A demand letter is the first paragraph of a complaint, written before it is filed. This guide walks through the order of operations I use when drafting a pre-suit demand letter on the claimant side in Florida.
For the structural elements that make the letter work, see the companion article on the seven elements of a Florida demand letter that gets paid. For the strategic decision of when to send one, see why a demand letter should be your first step.
Inputs you need before drafting
- • The signed contract, change orders, invoices, and proof of delivery or performance.
- • The Sunbiz record for the responsible entity, registered agent, and any guarantors.
- • A complete chronology with dates, dollar amounts, and document references.
- • The applicable statutory framework: §687.01 interest, §57.105 fees, Ch. 559, §720.311, Ch. 558, or other.
- • The court of competent jurisdiction and the cause of action you would actually file.
Mistakes to avoid
- • Demanding payment from a party that is not the contractual obligor.
- • Writing a long, emotional narrative instead of a tight factual record.
- • Setting a vague deadline like 'promptly' or 'within a reasonable time.'
- • Threatening 'all available remedies' without naming the court or the cause of action.
- • Sending statutory pre-suit notices by the wrong delivery method and restarting the clock.
Step 1: Confirm the correct party before you address the letter
Pull the contract and the Sunbiz record. Identify the exact legal entity, the registered agent, and any individual guarantors. Address the letter to the entity through its registered agent (or the contractually designated notice party) with copies to any guarantor in their guarantor capacity. A letter addressed to the wrong party is not a demand; it is a stipulation that you did not understand the obligation.
Step 2: Build the chronology before you write the narrative
List every relevant event in order, with dates, dollar amounts, and document references. Contract executed on date. Work performed between dates. Invoice issued on date for amount. Acceptance confirmed on date. Demand for payment sent on date. The chronology drives the narrative, not the other way around. If the chronology has gaps, fix them before you start drafting.
Step 3: Identify the legal basis and the statutory framework
For contract claims, cite the specific provision in default by section, paragraph, and page. For statutory claims, cite the operative statute by chapter and section.

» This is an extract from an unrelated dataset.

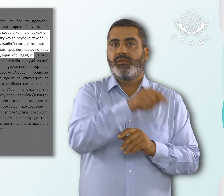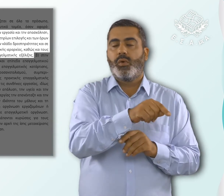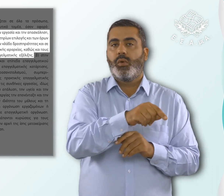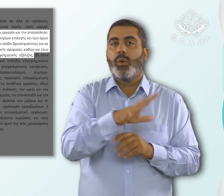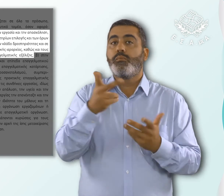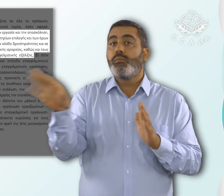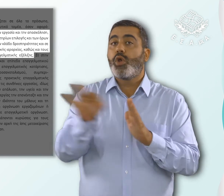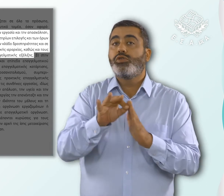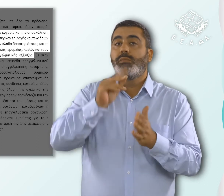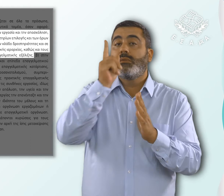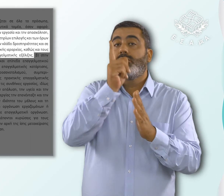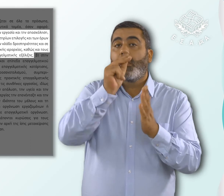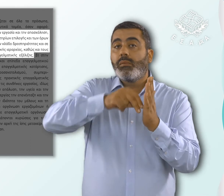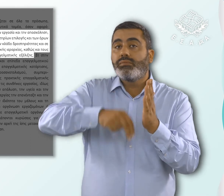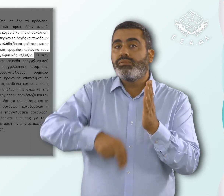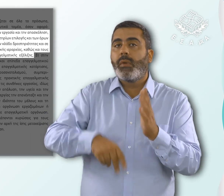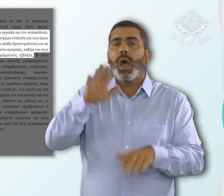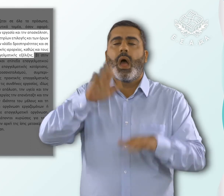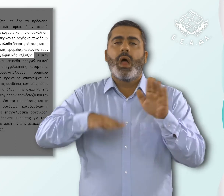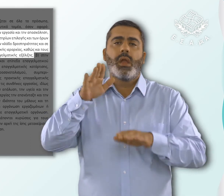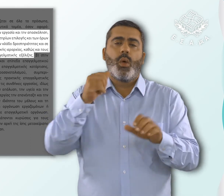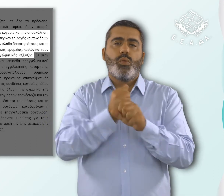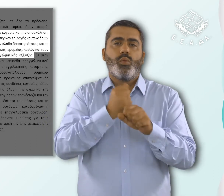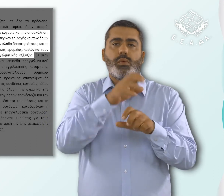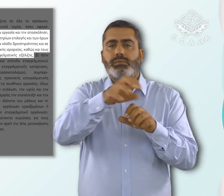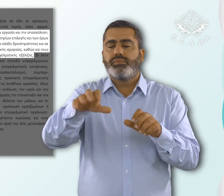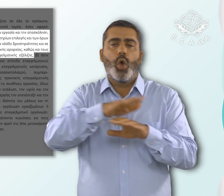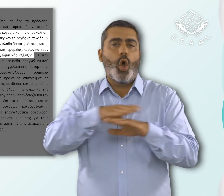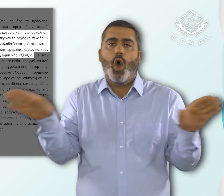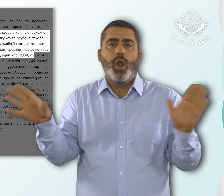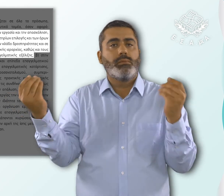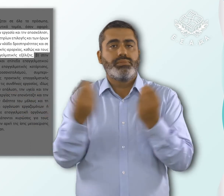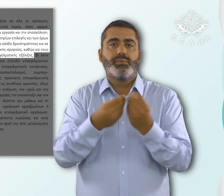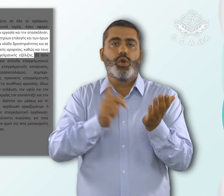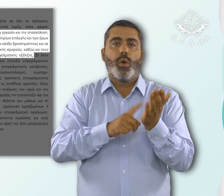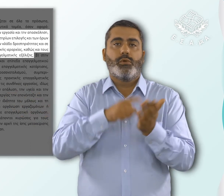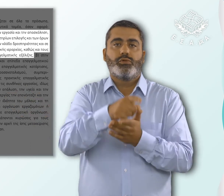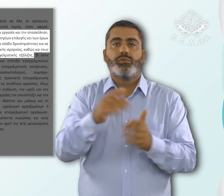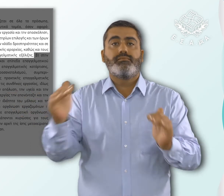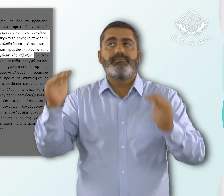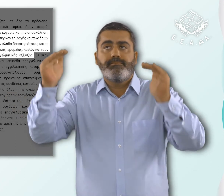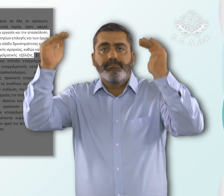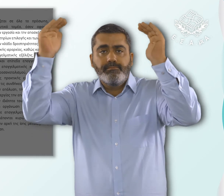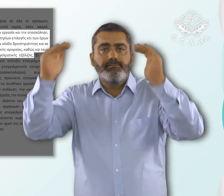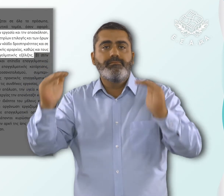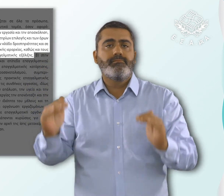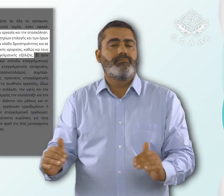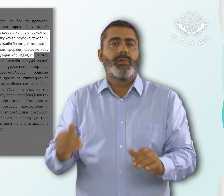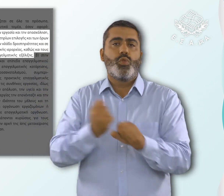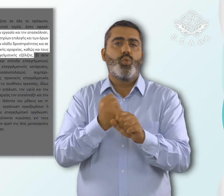πρόσληψης, ανεξάρτητα από τον κλάδο δραστηριότητας και σε όλα τα επίπεδα της επαγγελματικής ιεραρχίας, καθώς και τους όρους

Common Florida statutes that belong in a demand letter include section 687.01 (statutory interest on liquidated obligations), section 57.105 (prevailing-party fees in bad-faith cases), chapter 559 (consumer collection practices), section 720.311 (HOA pre-suit notice), and chapter 558 (construction defect pre-suit). Where the matter triggers a mandatory pre-suit notice, the statute also dictates the content, the form, and the delivery method of the letter itself.
Step 4: State the sum certain with the math behind it
Break the demand into components. Principal owed. Statutory interest with the calculation methodology and the per-diem rate. Contractual interest if different. Attorneys' fees if recoverable under contract or statute. Costs already incurred. State the total as of the date of the letter and confirm that interest continues to accrue daily at the stated rate until paid in full.
Step 5: Set the deadline and define the consequence
Set a specific calendar date. For most commercial collections, ten to twenty-one days is appropriate. For statutory pre-suit notices, use the statutory window. State the exact consequence if the deadline passes: the specific court the matter will be filed in, the cause of action, the relief sought, and the basis for any fee claim. A defined consequence is what makes the deadline real.
Step 6: Send by a method you can prove later
Send via certified mail, return receipt requested, addressed to the registered agent or the contractually designated notice party. Send a duplicate via email to known counsel or principal contact with delivery confirmation. Retain the signed-and-dated original, the certified mail receipt, the green card when it returns, and the email transmission records in the file.
For statutory pre-suit notices, confirm the delivery method the statute requires. HOA pre-suit notices under section 720.311 and construction defect notices under chapter 558 both have specific delivery requirements; the wrong method can restart the notice clock and delay the matter by months.
Step 7: Calendar the response window and prepare to act
Calendar the deadline the day the letter goes out. If the response is substantive, evaluate it. If the response is silence or a deflection, act on the consequence stated in the letter. A deadline that lapses without action trains the recipient to ignore the next letter. Pick a date you are prepared to defend, and follow through when it passes.
When to involve counsel
DIY demand letters work for small, well-documented disputes between sophisticated parties. They struggle when the amount in controversy is meaningful, when a statutory pre-suit notice is required, or when the recipient is represented by counsel. An attorney letter on firm letterhead, drafted around the seven elements, signals that litigation is the calendared next step rather than a hypothetical threat.